The way I see it, PS3 supposedly has several issues with input lag/VOIP, but has an overall better team-play community. The 360 is a bit smoother, but is filled with horrible players.


----------



## Bacon Boy (Jan 12, 2012)

I still don't have it. Is it actually worth the $60 for PS3? I've gotten mixed reviews.


----------



## Zex (Jan 12, 2012)

I've thought long and hard about getting it for Xbox with some leftover christmas money, but I've really been feeling burnt out on first person shooters. The fact that this one has been getting either great or terrible reviews isn't helping my decision either. I cant decide to just wait it out for the new and improved FPS's that are bound to come in 2012,taking a break from the genre, or buying it and taking the risk.


----------



## PoxyLemon (Jan 25, 2012)

I love the game for the Xbox so far, infact playing it right now. Me and you should play some time


----------



## Mino (Jan 29, 2012)

Zex said:


> I've thought long and hard about getting it for Xbox with some leftover christmas money, but I've really been feeling burnt out on first person shooters. The fact that this one has been getting either great or terrible reviews isn't helping my decision either. I cant decide to just wait it out for the new and improved FPS's that are bound to come in 2012,taking a break from the genre, or buying it and taking the risk.

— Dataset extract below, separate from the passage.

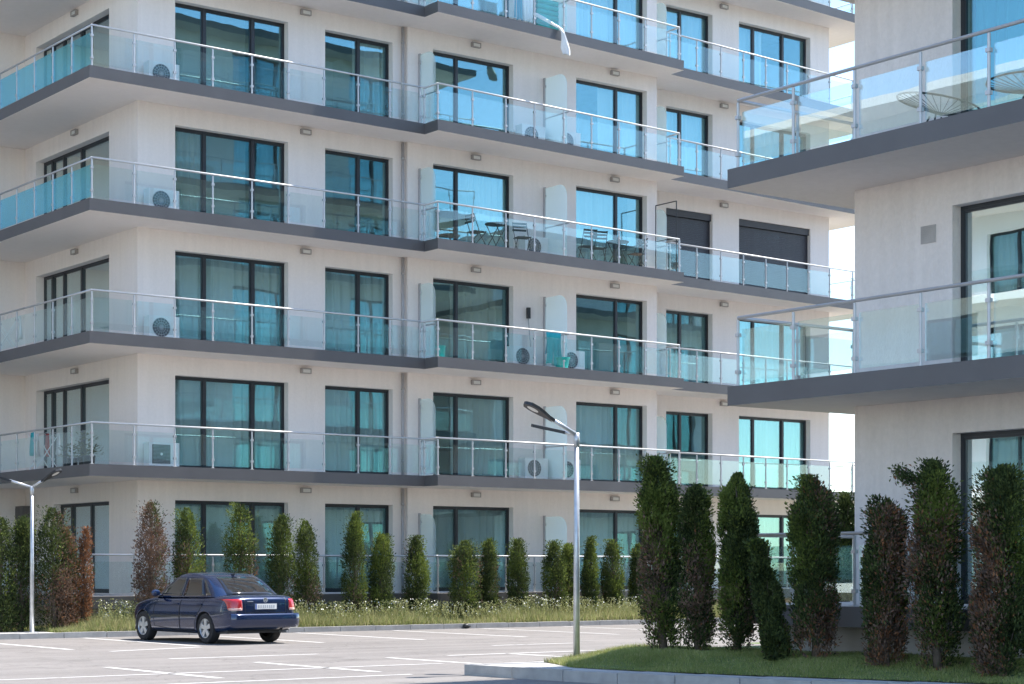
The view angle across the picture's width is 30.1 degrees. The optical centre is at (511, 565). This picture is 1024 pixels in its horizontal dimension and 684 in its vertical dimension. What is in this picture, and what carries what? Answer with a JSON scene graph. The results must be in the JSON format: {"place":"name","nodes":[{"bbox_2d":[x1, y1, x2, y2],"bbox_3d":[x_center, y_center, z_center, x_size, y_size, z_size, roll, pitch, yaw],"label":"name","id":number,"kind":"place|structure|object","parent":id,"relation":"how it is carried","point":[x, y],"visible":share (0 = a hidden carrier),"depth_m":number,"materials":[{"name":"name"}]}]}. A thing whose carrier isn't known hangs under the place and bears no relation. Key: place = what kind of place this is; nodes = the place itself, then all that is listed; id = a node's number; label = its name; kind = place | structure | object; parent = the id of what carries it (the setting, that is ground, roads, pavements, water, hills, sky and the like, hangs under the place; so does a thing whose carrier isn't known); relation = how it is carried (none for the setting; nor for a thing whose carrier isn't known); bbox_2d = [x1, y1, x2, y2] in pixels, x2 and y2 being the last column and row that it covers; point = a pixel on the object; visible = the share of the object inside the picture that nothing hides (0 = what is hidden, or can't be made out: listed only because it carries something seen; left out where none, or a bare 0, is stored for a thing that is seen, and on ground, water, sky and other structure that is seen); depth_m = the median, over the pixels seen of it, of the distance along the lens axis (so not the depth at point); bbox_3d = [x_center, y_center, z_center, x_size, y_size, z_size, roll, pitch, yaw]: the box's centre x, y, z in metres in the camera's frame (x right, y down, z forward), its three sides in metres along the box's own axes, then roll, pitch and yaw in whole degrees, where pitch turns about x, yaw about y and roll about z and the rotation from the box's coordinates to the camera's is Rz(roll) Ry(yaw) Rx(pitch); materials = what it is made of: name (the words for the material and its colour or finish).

It is the best multiplayer FPS to date, in my opinion.


----------



## bandger (Feb 2, 2012)

I had a choice between this or Modern Warfare and I chose MW but lately i've been so annoyed with that that i kind of wish i chose Battlefield instead!


----------



## Phil (Feb 9, 2012)

Battlefield 3 is a very good game. I have it on the PS3 been playing it for a while now.


----------



## bingabongchong (May 5, 2012)

......


----------



## susonjoy (Aug 3, 2012)

Battlefield 3 game is one of my favorite game which is very interesting game, I am really having an exciting experience while playing this game. This game is really addictive, immersive and amazing game.


----------



## xnancyxkillzx (Sep 27, 2013)

I absolutely love battlefield 3. I cant wait to download battlefield 4 beta coming out in less than a week.
I am level Colonel 69 about to hit 70.
Im glad I found a thread talking about battlefield <3


----------



## Hartech (Sep 27, 2013)

xnancyxkillzx said:


> I absolutely love battlefield 3. I cant wait to download battlefield 4 beta coming out in less than a week.
> I am level Colonel 69 about to hit 70.
> Im glad I found a thread talking about battlefield <3




I am really excited for battlefield 4 too! I love that they are bringing commander mode back and squad upgrades! My all time favorite game is battlefield 2142 (it really launched my gaming into what it is today) and battlefield 4 looks to be very promising! 

I can't wait for the beta next week! 5 days right? Think they will let us pre-load it?


----------



## Stevey Queen (Sep 27, 2013)

I hate this game. My dad plays it all the freakin time and he plays it real loud and the TV is right outside my room.


----------



## xnancyxkillzx (Sep 28, 2013)

Hartech said:


> I am really excited for battlefield 4 too! I love that they are bringing commander mode back and squad upgrades! My all time favorite game is battlefield 2142 (it really launched my gaming into what it is today) and battlefield 4 looks to be very promising!
> 
> I can't wait for the beta next week! 5 days right? Think they will let us pre-load it?


Who knows but i cant wait!


----------



## Hartech (Sep 28, 2013)

Do we know how many maps will be in the beta? I think I heard somewhere that it will be just the siege of shanghai


----------



## xnancyxkillzx (Sep 29, 2013)

Im pretty sure there will only be 1 map sadly. =/


----------



## Hartech (Sep 29, 2013)

Eh that's fine wouldn't want to get too burned out on it. I will be playing it quite a bit >_>


----------



## xnancyxkillzx (Sep 30, 2013)

Same here.


----------



## Cass (Oct 11, 2013)

There's only one map in the beta but there's two game modes to choose from (I believe they're adding a third, but not sure? It's called Obliteration, it might be for only PC players?)

I <3 BF3

Honestly, I can't remember my rank, I'm colonel though, somewhere up there haha.


----------



## Hartech (Oct 11, 2013)

Mmhmm I have been playing it most of the week! I haven't given obliteration a try yet...might do that this afternoon


----------